::: Data for this exercise

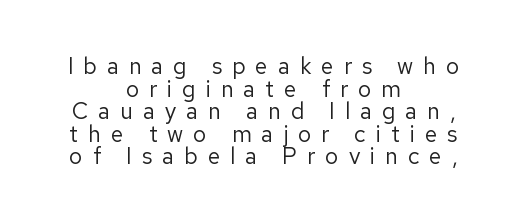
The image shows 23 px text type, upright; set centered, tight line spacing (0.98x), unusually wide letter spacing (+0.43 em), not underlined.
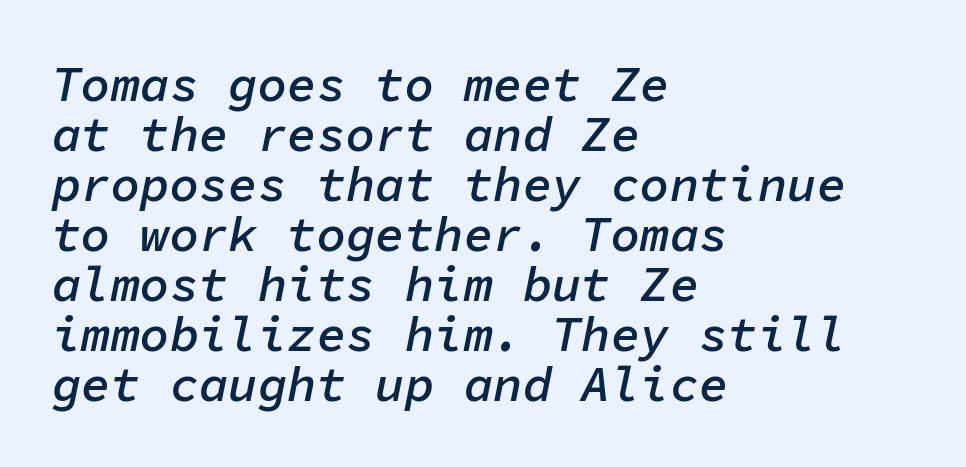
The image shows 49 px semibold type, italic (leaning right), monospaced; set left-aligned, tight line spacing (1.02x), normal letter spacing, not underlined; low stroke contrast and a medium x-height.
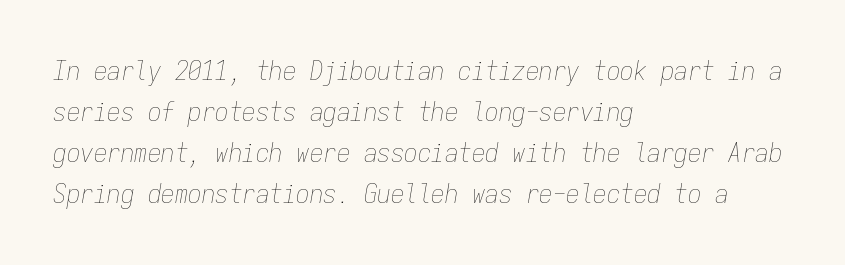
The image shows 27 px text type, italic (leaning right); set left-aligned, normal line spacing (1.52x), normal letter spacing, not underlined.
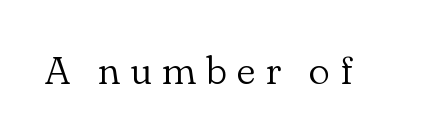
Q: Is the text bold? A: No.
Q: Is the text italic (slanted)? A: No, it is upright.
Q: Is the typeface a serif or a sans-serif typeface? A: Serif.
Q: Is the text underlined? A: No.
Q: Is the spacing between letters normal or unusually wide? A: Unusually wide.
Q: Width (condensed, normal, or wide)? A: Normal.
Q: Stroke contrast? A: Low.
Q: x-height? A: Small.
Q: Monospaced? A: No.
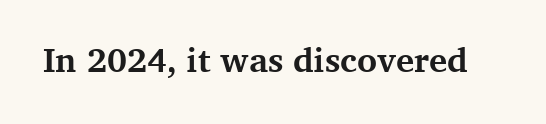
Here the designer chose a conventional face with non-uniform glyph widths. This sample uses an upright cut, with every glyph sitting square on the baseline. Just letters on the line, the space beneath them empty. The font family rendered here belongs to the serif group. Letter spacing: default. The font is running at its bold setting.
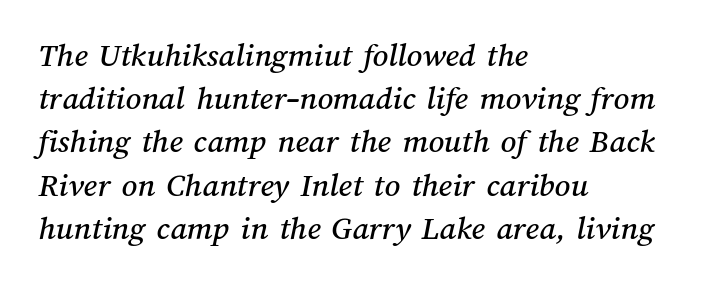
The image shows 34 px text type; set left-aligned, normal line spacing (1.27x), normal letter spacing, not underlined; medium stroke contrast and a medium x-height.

::::::

_What is being asked_
Leave the pictures out, and copy exactly each line from the one containing "The image shows 49" through the final line of the data.

_Exercise response_
The image shows 49 px semibold type, italic (leaning right), monospaced; set left-aligned, tight line spacing (1.02x), normal letter spacing, not underlined; low stroke contrast and a medium x-height.
The image shows 27 px text type, italic (leaning right); set left-aligned, normal line spacing (1.52x), normal letter spacing, not underlined.
Q: Is the text bold? A: No.
Q: Is the text italic (slanted)? A: No, it is upright.
Q: Is the typeface a serif or a sans-serif typeface? A: Serif.
Q: Is the text underlined? A: No.
Q: Is the spacing between letters normal or unusually wide? A: Unusually wide.
Q: Width (condensed, normal, or wide)? A: Normal.
Q: Stroke contrast? A: Low.
Q: x-height? A: Small.
Q: Monospaced? A: No.
Here the designer chose a conventional face with non-uniform glyph widths. This sample uses an upright cut, with every glyph sitting square on the baseline. Just letters on the line, the space beneath them empty. The font family rendered here belongs to the serif group. Letter spacing: default. The font is running at its bold setting.
The image shows 34 px text type; set left-aligned, normal line spacing (1.27x), normal letter spacing, not underlined; medium stroke contrast and a medium x-height.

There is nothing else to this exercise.